▶ _Activity_: Only one stretch of the listing below is wanted. Give it again exactly, from the line with "Q 13340.1 1223.1" through the line with "M 13304.45 1287.85".

▶ _Data excerpts_:
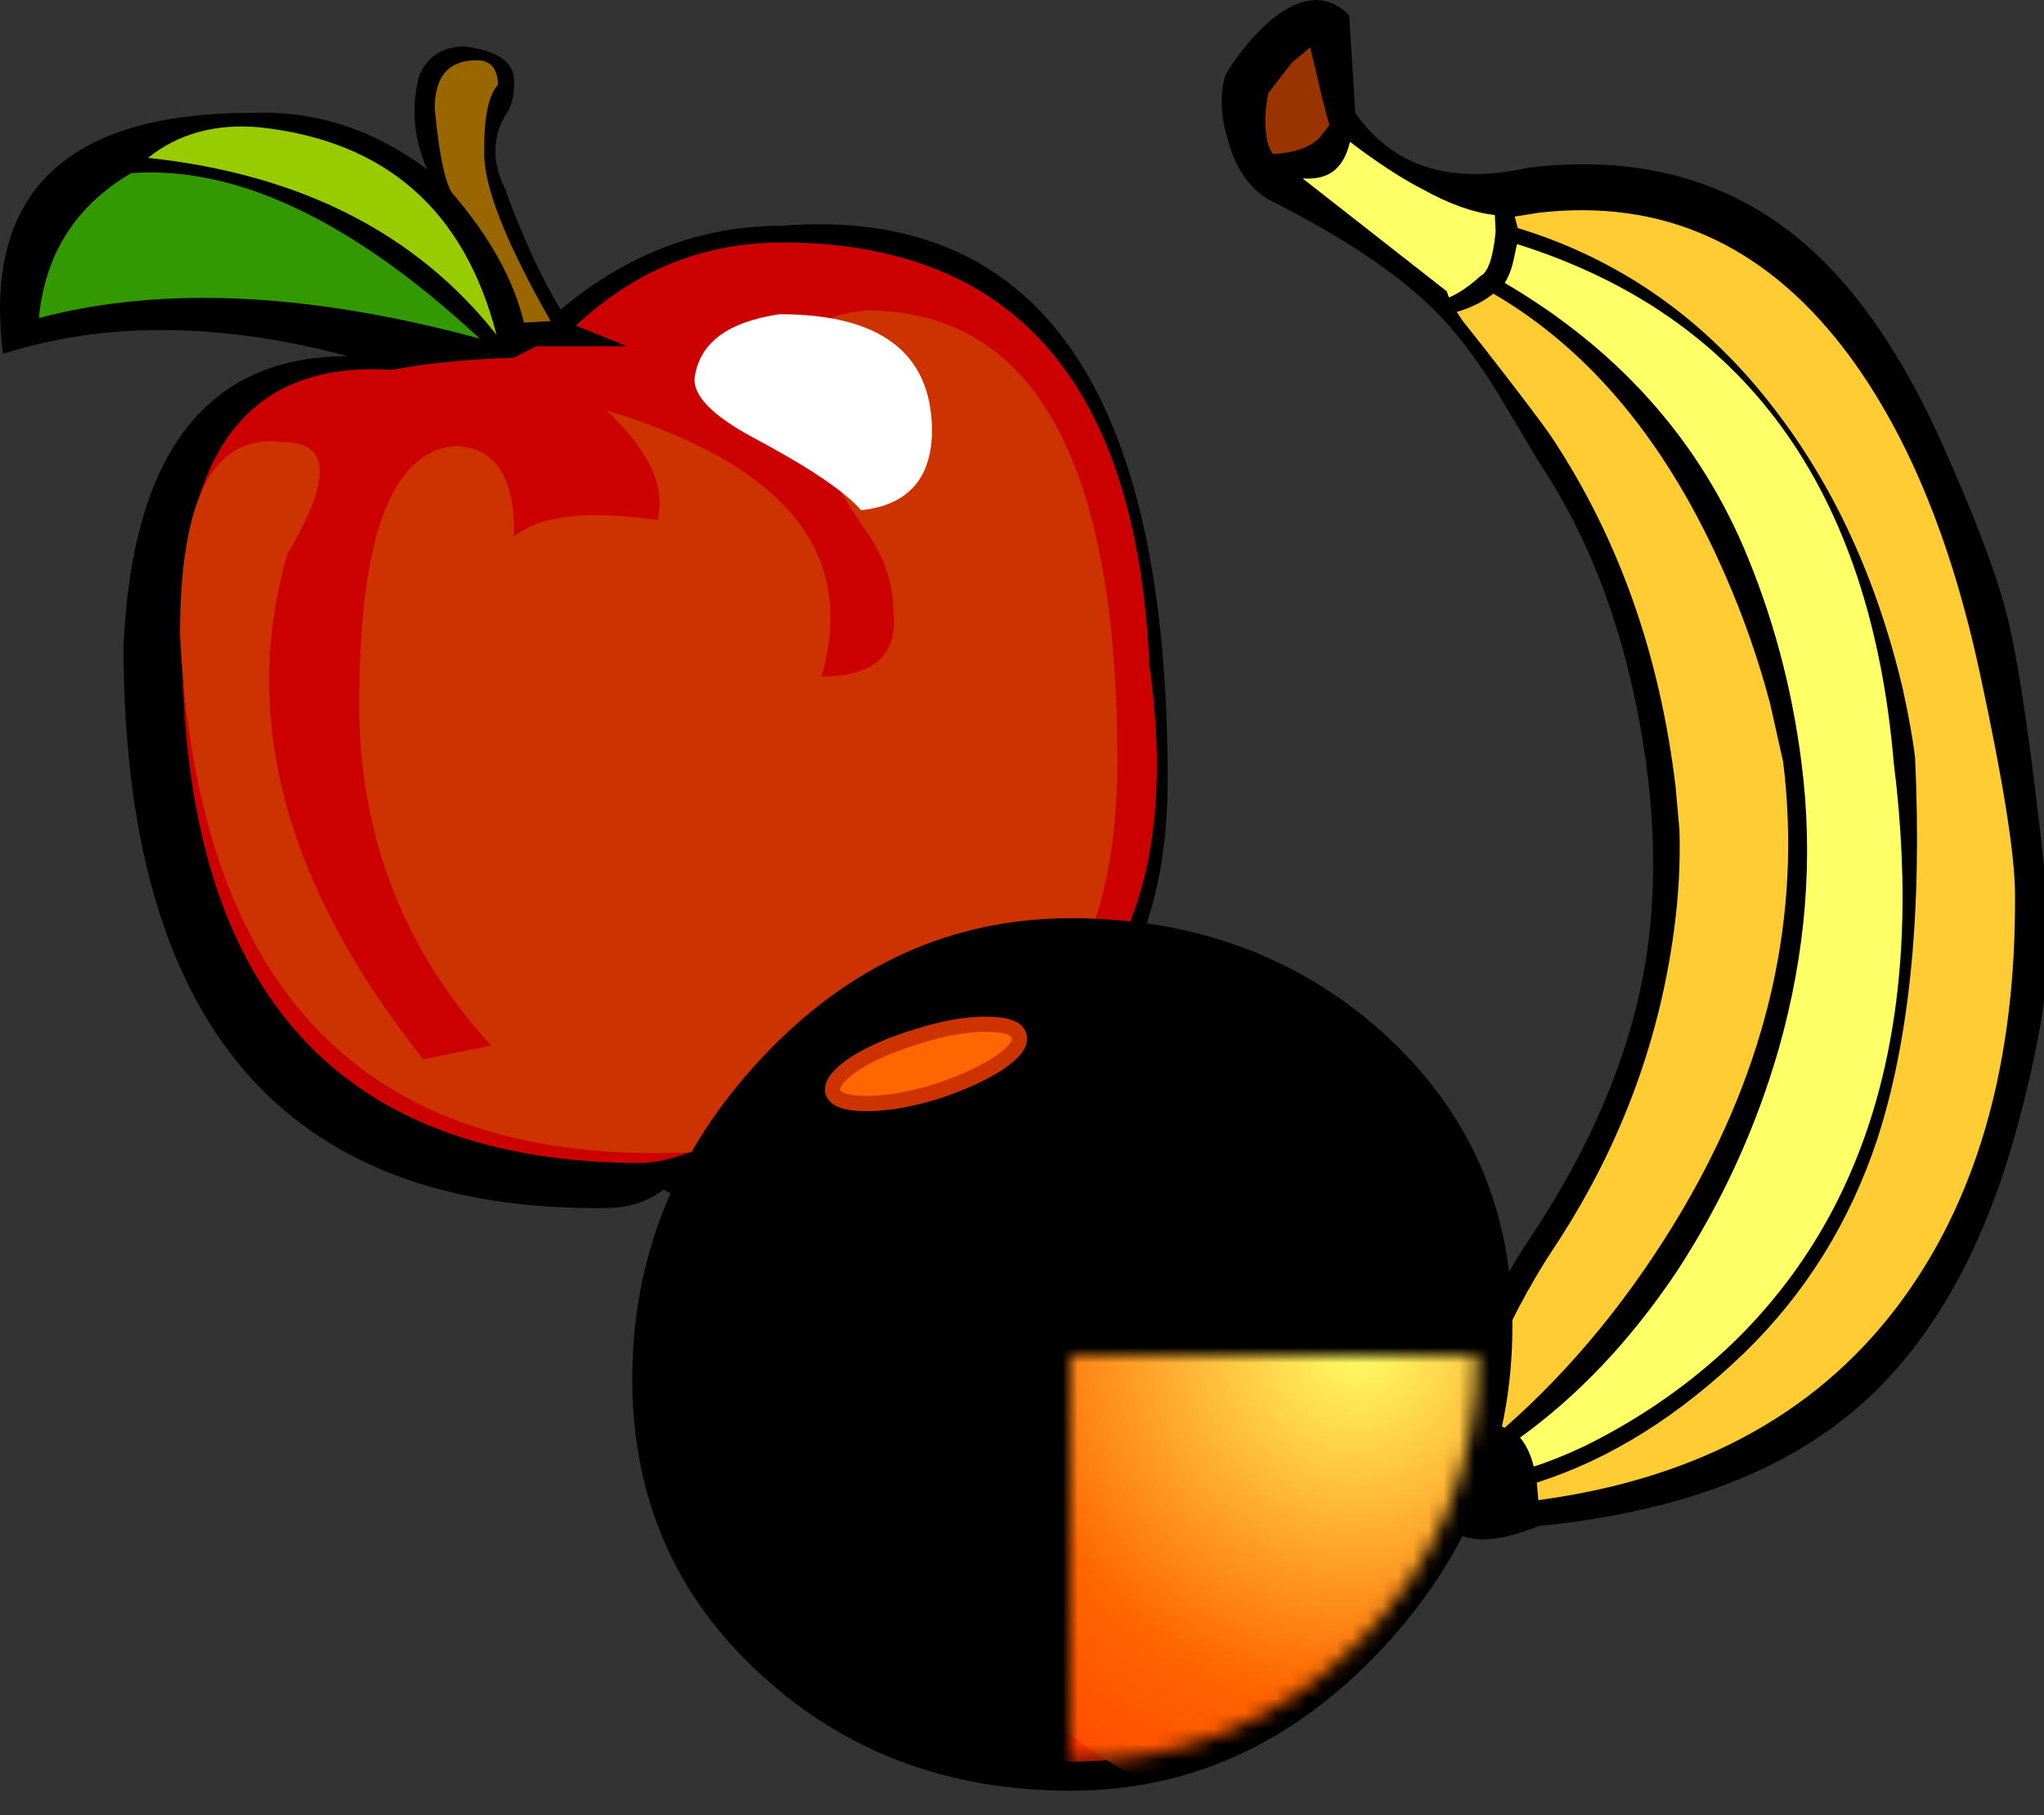 
<svg xmlns="http://www.w3.org/2000/svg" version="1.1" xmlns:xlink="http://www.w3.org/1999/xlink" preserveAspectRatio="none" x="0px" y="0px" width="134px" height="119px" viewBox="0 0 134 119">
<rect x="0" y="0" width="134" height="119" fill="#333333" stroke="none"/>
<defs>
<radialGradient id="Gradient_1" gradientUnits="userSpaceOnUse" cx="0" cy="0" r="42.075" fx="0" fy="0" gradientTransform="matrix( 1, 0, 0, -1, 13384.8,1211.1) " spreadMethod="pad">
<stop  offset="0%" stop-color="#FFFF66"/>

<stop  offset="54.902%" stop-color="#FF6600"/>

<stop  offset="100%" stop-color="#FF3300"/>
</radialGradient>

<g id="fruitMask_0_Layer0_0_MEMBER_0_MEMBER_0_FILL">
<path fill="#000000" stroke="none" d="
M 13332.6 1278.9
Q 13339.15 1284.4 13347.1 1284.4 13372.4 1286.4 13372.4 1248.05 13372.4 1228.4 13353.25 1224.6 13348.55 1220.2 13342.9 1220.2 13341.5 1220.05 13339.35 1221.2 13337.75 1220 13335.55 1220 13303.95 1219.65 13303.95 1256.85 13304.8 1275.85 13318.65 1275.85 13306.05 1279.2 13296.05 1276 13294.05 1291.8 13312.35 1291.8 13318.55 1292.05 13323.85 1288.1 13322.5 1291.2 13323.35 1294.3 13324.2 1296.15 13326.3 1296.15 13329.55 1295.75 13329.55 1293.9 13329.6 1292.45 13328.95 1291.6 13327.7 1289.35 13328.95 1286.85 13330.65 1282.15 13332.6 1278.9 Z"/>
</g>

<g id="fruitMask_0_Layer0_0_MEMBER_0_MEMBER_1_FILL">
<path fill="#CC0000" stroke="none" d="
M 13342.15 1224.15
L 13342.1 1224.15
Q 13340.1 1223.1 13338.05 1222.95 13307.4 1222.95 13307.8 1257.95 13307.8 1275.85 13321.55 1274.95 13324.9 1275.6 13329.55 1275.75
L 13331 1276.5 13336.95 1276.5 13333.6 1277.85
Q 13339.4 1283.3 13347.1 1283.3 13369.95 1283.3 13371.2 1255.6 13374.4 1232.85 13356.7 1227.05 13349 1224.65 13342.15 1224.15 Z"/>
</g>

<g id="fruitMask_0_Layer0_0_MEMBER_0_MEMBER_2_FILL">
<path fill="#CC3300" stroke="none" d="
M 13342.1 1223.65
L 13342.15 1223.7
Q 13309.4 1221.75 13307.65 1257.6 13307.65 1271.2 13314.45 1270.2 13319.05 1270.2 13314.7 1262.9 13310 1246.85 13323.6 1229.75
L 13328.05 1230.65
Q 13319.4 1240.15 13319.4 1253 13319.4 1269.3 13325.6 1269.95 13329.65 1269.95 13329.55 1264 13332 1266.1 13338.95 1265.1 13339.8 1268.35 13335.6 1272.3 13353.25 1266.95 13349.7 1254.85 13355 1254.85 13354.4 1259.3 13354.4 1262.05 13352.3 1264.85 13343.5 1278.1 13352.65 1278.85 13369.1 1278.85 13369.1 1249.3 13369.1 1230.15 13354.5 1227.8 13350.55 1221.35 13346.1 1222.35 13343.75 1222.35 13342.1 1223.65 Z"/>
</g>

<g id="fruitMask_0_Layer0_0_MEMBER_0_MEMBER_3_FILL">
<path fill="#339900" stroke="none" d="
M 13304.45 1287.85
Q 13314.8 1288.6 13327.3 1277 13310.5 1281.55 13298.4 1278.35 13299 1284.65 13304.45 1287.85 Z"/>
</g>

<g id="fruitMask_0_Layer0_0_MEMBER_0_MEMBER_4_FILL">
<path fill="#99CC00" stroke="none" d="
M 13305.55 1288.85
Q 13308.55 1291.25 13312.9 1290.85 13325.25 1289.5 13328.4 1277.25 13320.5 1287.25 13305.55 1288.85 Z"/>
</g>

<g id="fruitMask_0_Layer0_0_MEMBER_0_MEMBER_5_FILL">
<path fill="#FFFFFF" stroke="none" d="
M 13341.4 1274.5
Q 13341.9 1277.85 13346.95 1278.6 13356.85 1278.6 13356.95 1271.05 13356.95 1266.25 13352.3 1265.75 13350.7 1267.6 13345.25 1270.5 13341.15 1272.7 13341.4 1274.5 Z"/>
</g>

<g id="fruitMask_0_Layer0_0_MEMBER_0_MEMBER_6_FILL">
<path fill="#996600" stroke="none" d="
M 13327.1 1295.25
Q 13328.45 1295.25 13328.5 1293.65 13327.55 1292.6 13327.6 1289.25 13327.5 1285.95 13331.95 1278.15
L 13330.2 1278.05
Q 13329.2 1282.25 13325.45 1286.6 13324.75 1287.8 13324.35 1292.1 13324.35 1295.25 13327.1 1295.25 Z"/>
</g>

<g id="fruitMask_0_Layer0_0_MEMBER_1_MEMBER_0_FILL">
<path fill="#FFFFFF" stroke="none" d="
M 13393.6 1201.95
L 13393.65 1201 13392.4 1201.6
Q 13391.95 1202.1 13391.7 1203.05 13392.75 1203.25 13393.4 1202.75
L 13393.6 1201.95 Z"/>
</g>

<g id="fruitMask_0_Layer0_0_MEMBER_1_MEMBER_1_FILL">
<path fill="#000000" stroke="none" d="
M 13390.7 1199.15
Q 13389.1 1200.5 13390.7 1206 13392.15 1212 13396.2 1218.1 13402.65 1227.8 13403.9 1237.3 13404.55 1242.45 13403.9 1248.1 13402.4 1260.4 13396.8 1268.8
L 13394 1273.5
Q 13391.9 1276.9 13389.8 1278.95 13386.2 1282.5 13379.05 1286.1 13377.1 1287.25 13376.35 1290 13375.65 1292.3 13376.15 1294.15
L 13376.25 1294.4
Q 13377.35 1296.2 13378.9 1297.65 13381.9 1300.3 13384.1 1298.4
L 13384.3 1298.2 13384.7 1291.8
Q 13388.4 1286.5 13396 1288.2 13406.3 1289.45 13413.4 1283.85 13418.85 1279.55 13422.95 1270.6 13426.2 1263.4 13427.3 1259.35 13428.15 1256.15 13429.05 1249.2 13430.2 1240.1 13430.2 1238.1 13430.2 1233 13428.05 1225.15 13424.65 1212.75 13417.25 1206.6 13409.85 1200.45 13396.7 1199.15 13392.45 1197.4 13390.7 1199.15 Z"/>
</g>

<g id="fruitMask_0_Layer0_0_MEMBER_1_MEMBER_2_FILL">
<path fill="#993300" stroke="none" d="
M 13381.75 1296.1
L 13381.75 1296.05 13382.2 1294.2
Q 13382.5 1292.8 13383 1291
L 13382.35 1290.15
Q 13381.35 1289.2 13379.3 1289.1 13378.9 1289.65 13378.85 1290.5 13378.7 1291.65 13379 1293.1
L 13380.55 1295.1 13381.75 1296.1 Z"/>
</g>

<g id="fruitMask_0_Layer0_0_MEMBER_1_MEMBER_3_FILL">
<path fill="#FFFF66" stroke="none" d="
M 13396.4 1203.05
Q 13396.1 1204.25 13395.5 1204.95 13401.25 1209.1 13405.75 1215.8 13410.2 1222.6 13412.45 1230.4 13415.15 1239.9 13413.95 1249.2 13413 1256.7 13410.1 1263.45 13405.4 1274.25 13394.5 1280.65 13394.9 1281.3 13395.1 1282.25
L 13395.3 1283.2
Q 13417.7 1276.15 13420 1249.2 13423.1 1224.5 13409.55 1211.25 13405.3 1207.15 13399.75 1204.4 13397.95 1203.55 13396.4 1203.05 Z"/>
</g>

<g id="fruitMask_0_Layer0_0_MEMBER_1_MEMBER_4_FILL">
<path fill="#FFCC33" stroke="none" d="
M 13394.5 1205.6
Q 13393.45 1206 13392.35 1206.05 13393.35 1209.5 13395.4 1213.45 13396.6 1215.7 13397.6 1217.2 13404.1 1226.95 13405.6 1238.25 13406.05 1241.6 13405.95 1244.8
L 13405.7 1247.6
Q 13404.15 1260.6 13397.6 1270.5 13396.65 1271.9 13393.1 1276.45
L 13391.75 1278.15 13391.35 1278.75
Q 13392.75 1279.15 13393.75 1279.95 13403.35 1274.35 13408.95 1261.5 13410.75 1257.4 13411.9 1253.05
L 13412.75 1249.25
Q 13414.6 1234.2 13406.1 1219.8 13401.15 1211.45 13394.5 1205.6 Z"/>
</g>

<g id="fruitMask_0_Layer0_0_MEMBER_1_MEMBER_5_FILL">
<path fill="#FFFF66" stroke="none" d="
M 13390.85 1279.7
L 13390.8 1279.8 13390.7 1280.1 13381.25 1287.5
Q 13382.85 1287.4 13383.6 1288.3 13384.1 1288.85 13384.35 1289.9 13387.05 1287.85 13389.1 1286.8 13391.7 1285.35 13393.85 1285.1
L 13393.9 1284
Q 13393.65 1281.45 13392.9 1281.1 13391.8 1280.1 13390.85 1279.7 Z"/>
</g>

<g id="fruitMask_0_Layer0_0_MEMBER_1_MEMBER_6_FILL">
<path fill="#FFCC33" stroke="none" d="
M 13395.35 1284.25
L 13395.15 1285 13396.7 1285.25
Q 13408.75 1286.65 13416.65 1276.45 13422.75 1268.55 13425.65 1255.05 13427.95 1244.4 13427.95 1240.55 13428.05 1224.45 13420.75 1214.25 13412.7 1203 13396.7 1200.85
L 13396.6 1202
Q 13403.8 1204.3 13410.25 1210.55 13416.2 1216.35 13418.9 1224.45 13422.1 1234.25 13421.4 1249.5 13421.2 1251.25 13420.6 1254 13418.05 1264.85 13412.05 1272.55 13405.35 1281.2 13395.35 1284.25 Z"/>
</g>

<g id="fruitMask_0_Layer0_0_MEMBER_2_MEMBER_0_FILL">
<path fill="#000000" stroke="none" d="
M 13386.45 1231.55
Q 13395 1223.85 13395 1212.25 13395 1200.25 13386.45 1191.1 13377.75 1181.8 13366.05 1181.8 13354 1181.8 13345.75 1189.4 13337.3 1197.1 13337.3 1208.8 13337.3 1220.75 13345.75 1229.8 13354.35 1239 13366.05 1239 13378.1 1239 13386.45 1231.55 Z"/>
</g>

<g id="Mask_FreeHand_Objects_Clip_Paths_Symbol_137_0_2_MASK_0_FILL">
<path fill="#FFFFFF" stroke="none" d="
M 13339.35 1210.4
Q 13339.35 1221.45 13347.15 1229.25 13355 1237.05 13366.05 1237.05 13377.1 1237.05 13384.9 1229.25 13392.7 1221.45 13392.7 1210.4 13392.7 1199.35 13384.9 1191.5 13377.1 1183.7 13366.05 1183.7 13355 1183.7 13347.15 1191.5 13339.35 1199.35 13339.35 1210.4 Z"/>
</g>

<g id="FreeHand_Objects_Clip_Paths_Symbol_137_0_Layer2_0_FILL">
<path fill="#FF3300" stroke="none" d="
M 13339.35 1210.4
Q 13339.35 1221.45 13347.15 1229.25 13355 1237.05 13366.05 1237.05 13377.1 1237.05 13384.9 1229.25 13392.7 1221.45 13392.7 1210.4 13392.7 1199.35 13384.9 1191.5 13377.1 1183.7 13366.05 1183.7 13355 1183.7 13347.15 1191.5 13339.35 1199.35 13339.35 1210.4 Z"/>
</g>

<g id="FreeHand_Objects_Clip_Paths_Symbol_137_0_Layer2_1_FILL">
<path fill="url(#Gradient_1)" stroke="none" d="
M 13361.35 1189.9
Q 13352.5 1200 13352.5 1214.3 13352.5 1228.6 13361.35 1238.7 13370.2 1248.8 13382.7 1248.8 13395.25 1248.8 13404.1 1238.7 13412.95 1228.6 13412.95 1214.3 13412.95 1200 13404.1 1189.9 13395.25 1179.8 13382.7 1179.8 13370.2 1179.8 13361.35 1189.9 Z"/>
</g>

<g id="fruitMask_0_Layer0_0_MEMBER_2_MEMBER_2_FILL">
<path fill="#FF6600" stroke="none" d="
M 13352.65 1226.85
Q 13350.7 1226.85 13350.45 1227.6 13350.25 1228.35 13351.85 1229.45 13353.5 1230.5 13356 1231.25 13358.5 1232.05 13360.45 1232.05 13362.45 1232.05 13362.65 1231.3 13362.9 1230.55 13361.25 1229.45 13359.6 1228.4 13357.1 1227.6 13354.6 1226.85 13352.65 1226.85 Z"/>
</g>

<path id="fruitMask_0_Layer0_0_MEMBER_2_MEMBER_2_1_STROKES" stroke="#CC3300" stroke-width="1" stroke-linejoin="round" stroke-linecap="round" fill="none" d="
M 13350.45 1227.6
Q 13350.25 1228.35 13351.85 1229.45 13353.5 1230.5 13356 1231.25 13358.5 1232.05 13360.45 1232.05 13362.45 1232.05 13362.65 1231.3 13362.9 1230.55 13361.25 1229.45 13359.6 1228.4 13357.1 1227.6 13354.6 1226.85 13352.65 1226.85 13350.7 1226.85 13350.45 1227.6 Z"/>
</defs>

<g transform="matrix( 1, 0, 0, 1, 0,0) ">
<g transform="matrix( 1, 0, 0, -1, -13295.85,1299.2) ">
<use xlink:href="#fruitMask_0_Layer0_0_MEMBER_0_MEMBER_0_FILL"/>
</g>

<g transform="matrix( 1, 0, 0, -1, -13295.85,1299.2) ">
<use xlink:href="#fruitMask_0_Layer0_0_MEMBER_0_MEMBER_1_FILL"/>
</g>

<g transform="matrix( 1, 0, 0, -1, -13295.85,1299.2) ">
<use xlink:href="#fruitMask_0_Layer0_0_MEMBER_0_MEMBER_2_FILL"/>
</g>

<g transform="matrix( 1, 0, 0, -1, -13295.85,1299.2) ">
<use xlink:href="#fruitMask_0_Layer0_0_MEMBER_0_MEMBER_3_FILL"/>
</g>

<g transform="matrix( 1, 0, 0, -1, -13295.85,1299.2) ">
<use xlink:href="#fruitMask_0_Layer0_0_MEMBER_0_MEMBER_4_FILL"/>
</g>

<g transform="matrix( 1, 0, 0, -1, -13295.85,1299.2) ">
<use xlink:href="#fruitMask_0_Layer0_0_MEMBER_0_MEMBER_5_FILL"/>
</g>

<g transform="matrix( 1, 0, 0, -1, -13295.85,1299.2) ">
<use xlink:href="#fruitMask_0_Layer0_0_MEMBER_0_MEMBER_6_FILL"/>
</g>

<g transform="matrix( 1, 0, 0, -1, -13295.85,1299.2) ">
<use xlink:href="#fruitMask_0_Layer0_0_MEMBER_1_MEMBER_0_FILL"/>
</g>

<g transform="matrix( 1, 0, 0, -1, -13295.85,1299.2) ">
<use xlink:href="#fruitMask_0_Layer0_0_MEMBER_1_MEMBER_1_FILL"/>
</g>

<g transform="matrix( 1, 0, 0, -1, -13295.85,1299.2) ">
<use xlink:href="#fruitMask_0_Layer0_0_MEMBER_1_MEMBER_2_FILL"/>
</g>

<g transform="matrix( 1, 0, 0, -1, -13295.85,1299.2) ">
<use xlink:href="#fruitMask_0_Layer0_0_MEMBER_1_MEMBER_3_FILL"/>
</g>

<g transform="matrix( 1, 0, 0, -1, -13295.85,1299.2) ">
<use xlink:href="#fruitMask_0_Layer0_0_MEMBER_1_MEMBER_4_FILL"/>
</g>

<g transform="matrix( 1, 0, 0, -1, -13295.85,1299.2) ">
<use xlink:href="#fruitMask_0_Layer0_0_MEMBER_1_MEMBER_5_FILL"/>
</g>

<g transform="matrix( 1, 0, 0, -1, -13295.85,1299.2) ">
<use xlink:href="#fruitMask_0_Layer0_0_MEMBER_1_MEMBER_6_FILL"/>
</g>

<g transform="matrix( 1, 0, 0, -1, -13295.85,1299.2) ">
<use xlink:href="#fruitMask_0_Layer0_0_MEMBER_2_MEMBER_0_FILL"/>
</g>

<g transform="matrix( 1, 0, 0, 1, 70.15,88.85) ">
<mask id="Mask_Mask_1">
<g transform="matrix( 1, 0, 0, -1, -13366,1210.35) ">
<use xlink:href="#Mask_FreeHand_Objects_Clip_Paths_Symbol_137_0_2_MASK_0_FILL"/>
</g>
</mask>

<g mask="url(#Mask_Mask_1)">
<g transform="matrix( 1, 0, 0, -1, -13366,1210.35) ">
<use xlink:href="#FreeHand_Objects_Clip_Paths_Symbol_137_0_Layer2_0_FILL"/>
</g>

<g transform="matrix( 1, 0, 0, -1, -13366,1210.35) ">
<use xlink:href="#FreeHand_Objects_Clip_Paths_Symbol_137_0_Layer2_1_FILL"/>
</g>
</g>
</g>

<g transform="matrix( 1, 0, 0, -1, -13295.85,1299.2) ">
<use xlink:href="#fruitMask_0_Layer0_0_MEMBER_2_MEMBER_2_FILL"/>

<use xlink:href="#fruitMask_0_Layer0_0_MEMBER_2_MEMBER_2_1_STROKES"/>
</g>
</g>
</svg>

▶ _Response_:
Q 13340.1 1223.1 13338.05 1222.95 13307.4 1222.95 13307.8 1257.95 13307.8 1275.85 13321.55 1274.95 13324.9 1275.6 13329.55 1275.75
L 13331 1276.5 13336.95 1276.5 13333.6 1277.85
Q 13339.4 1283.3 13347.1 1283.3 13369.95 1283.3 13371.2 1255.6 13374.4 1232.85 13356.7 1227.05 13349 1224.65 13342.15 1224.15 Z"/>
</g>

<g id="fruitMask_0_Layer0_0_MEMBER_0_MEMBER_2_FILL">
<path fill="#CC3300" stroke="none" d="
M 13342.1 1223.65
L 13342.15 1223.7
Q 13309.4 1221.75 13307.65 1257.6 13307.65 1271.2 13314.45 1270.2 13319.05 1270.2 13314.7 1262.9 13310 1246.85 13323.6 1229.75
L 13328.05 1230.65
Q 13319.4 1240.15 13319.4 1253 13319.4 1269.3 13325.6 1269.95 13329.65 1269.95 13329.55 1264 13332 1266.1 13338.95 1265.1 13339.8 1268.35 13335.6 1272.3 13353.25 1266.95 13349.7 1254.85 13355 1254.85 13354.4 1259.3 13354.4 1262.05 13352.3 1264.85 13343.5 1278.1 13352.65 1278.85 13369.1 1278.85 13369.1 1249.3 13369.1 1230.15 13354.5 1227.8 13350.55 1221.35 13346.1 1222.35 13343.75 1222.35 13342.1 1223.65 Z"/>
</g>

<g id="fruitMask_0_Layer0_0_MEMBER_0_MEMBER_3_FILL">
<path fill="#339900" stroke="none" d="
M 13304.45 1287.85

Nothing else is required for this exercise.